The English language has "oodles" of words that are in the plural form, with an "s" on the end. "Odds" are, you know a few.
It was "news" to me that these are called "pluralia tantum," a Latin phrase meaning "plural only."
This is not to say that a form of the word doesn't exist in the singular. But for these particular meanings, we use the plural form.
Your child gets the "mumps." Maybe when you get an infected tooth, you look like you have a mump, but you don't. "Measles" is another word that's only plural.
Soapy water has "suds." No sud stands alone.
When you are sorry for doing something to someone, you may take "pains" to make "amends."
To learn about the nation's past, you may search historical "annals."
Some of the less-pleasant-to-think-about body parts come in plurals: bowels, entrails, guts. "Guts," though, can mean a good thing: courage. And having "brains" means intelligence. It doesn't mean you have two portions of a brain.
In the military domain, we have "troops" and "arms." One soldier isn't a troop. One rifle is not an arm.
Many money terms are used only in plural form: earnings, funds, riches, wages, goods, valuables. Sometimes when you return from another country and you've gone "nuts" on a shopping spree, you have to pay "customs."
"Alms" is an archaic term for charity.
"Fireworks" is always plural. Just one firework would not be likely to draw an "Ahhhhhh!" July 4.
You may scatter your grandfather's "ashes" at sea.
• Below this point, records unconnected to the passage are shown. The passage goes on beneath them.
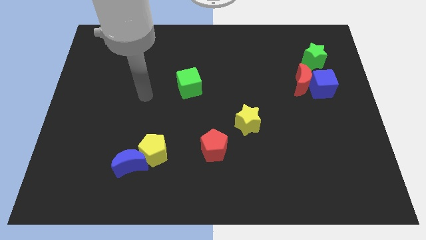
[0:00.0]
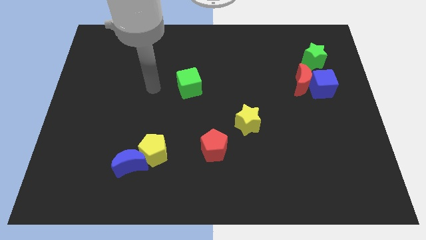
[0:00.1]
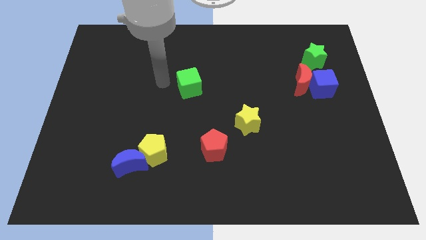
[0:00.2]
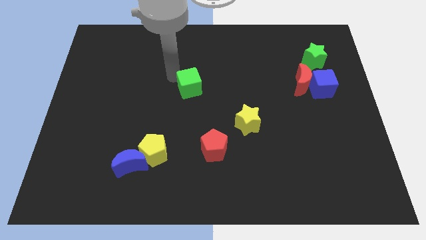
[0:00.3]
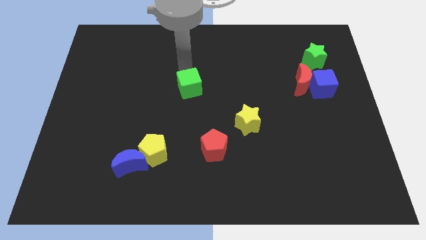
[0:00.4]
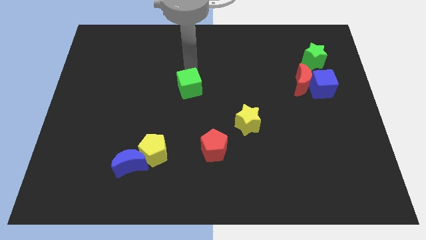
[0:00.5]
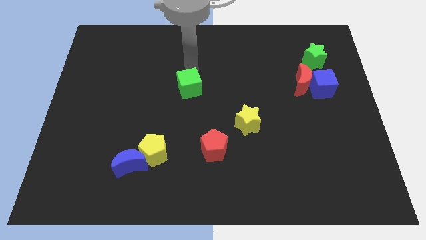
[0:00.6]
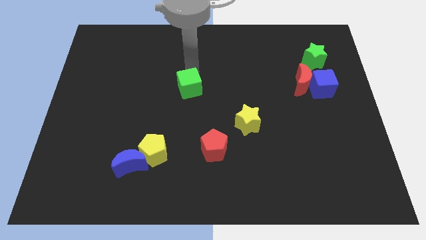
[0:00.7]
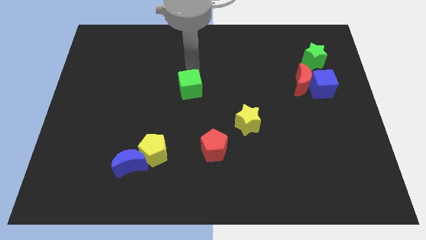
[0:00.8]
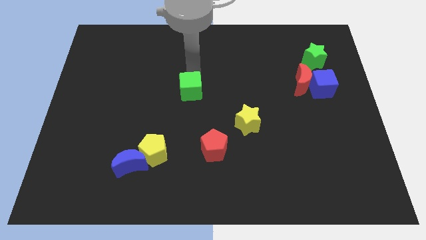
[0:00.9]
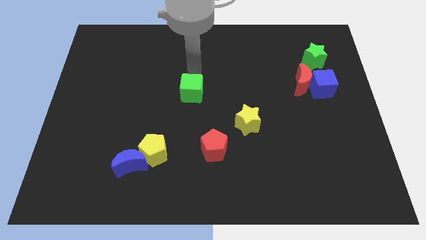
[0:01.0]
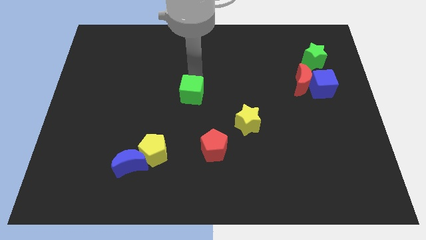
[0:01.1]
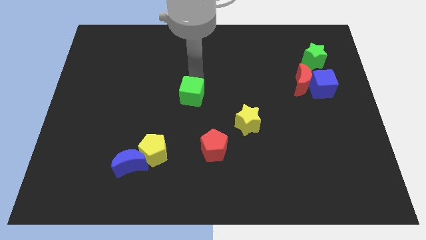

Or you may keep the "remains" on your mantel.
You may feel "down in the dumps" or "in the doldrums." You may have "the blues."
Many items of clothing -- also called "clothes" -- are in the plural form: pants, jeans, dungarees, tights, shorts, briefs. But the "outskirts" of town are its outlying areas, not its visible skirts.
Lots of tools and work-related items are in plural form: pliers, scissors, shears, forceps, tongs, bellows, goggles.
A few academic fields that are plural are mathematics, physics and forensics.
If you're behind on, say, your car payments, you're in "arrears."
"Dregs" are the remnants left at the bottom, for example, of a coffee pot that an inconsiderate person left behind instead of making a new pot.
Both "dreg" and "arrear" are words, too, but they're rarely used in the singular form.
I hope these words don't give anyone the "willies."
State legislatures sometimes tackle a "blue law" or two. Blue laws are those regulating some kind of behavior, often restricting actions on Sundays.
When I was a teenager in New York, one couldn't buy beer on Sundays before noon.
But why are they called blue laws?
I've read that in 17th-century Connecticut, the Puritans would print such laws on blue paper, and that name stuck through the centuries.
Snopes.com, the website that tracks down the truth of claims, reports that this is nonsense. Snopes maintains that a Connecticut reverend came up with the term himself, and the reason for the "blue" is unknown. Now I am disillusioned.
ALIKE BUT NOT ALIKE
Here are a few lines on homophones, words that sound the same but are spelled differently and have different meanings.
• Forgo, forego
To "forgo" is to go without something.
I'll forgo the Brussels sprouts so I will be certain to have room for a slice of that bittersweet chocolate tart.
To "forego" means to go before. I had trouble thinking of a sentence for this one, because the word is more commonly used as "foregone." A "foregone conclusion" is when the outcome of something is certain.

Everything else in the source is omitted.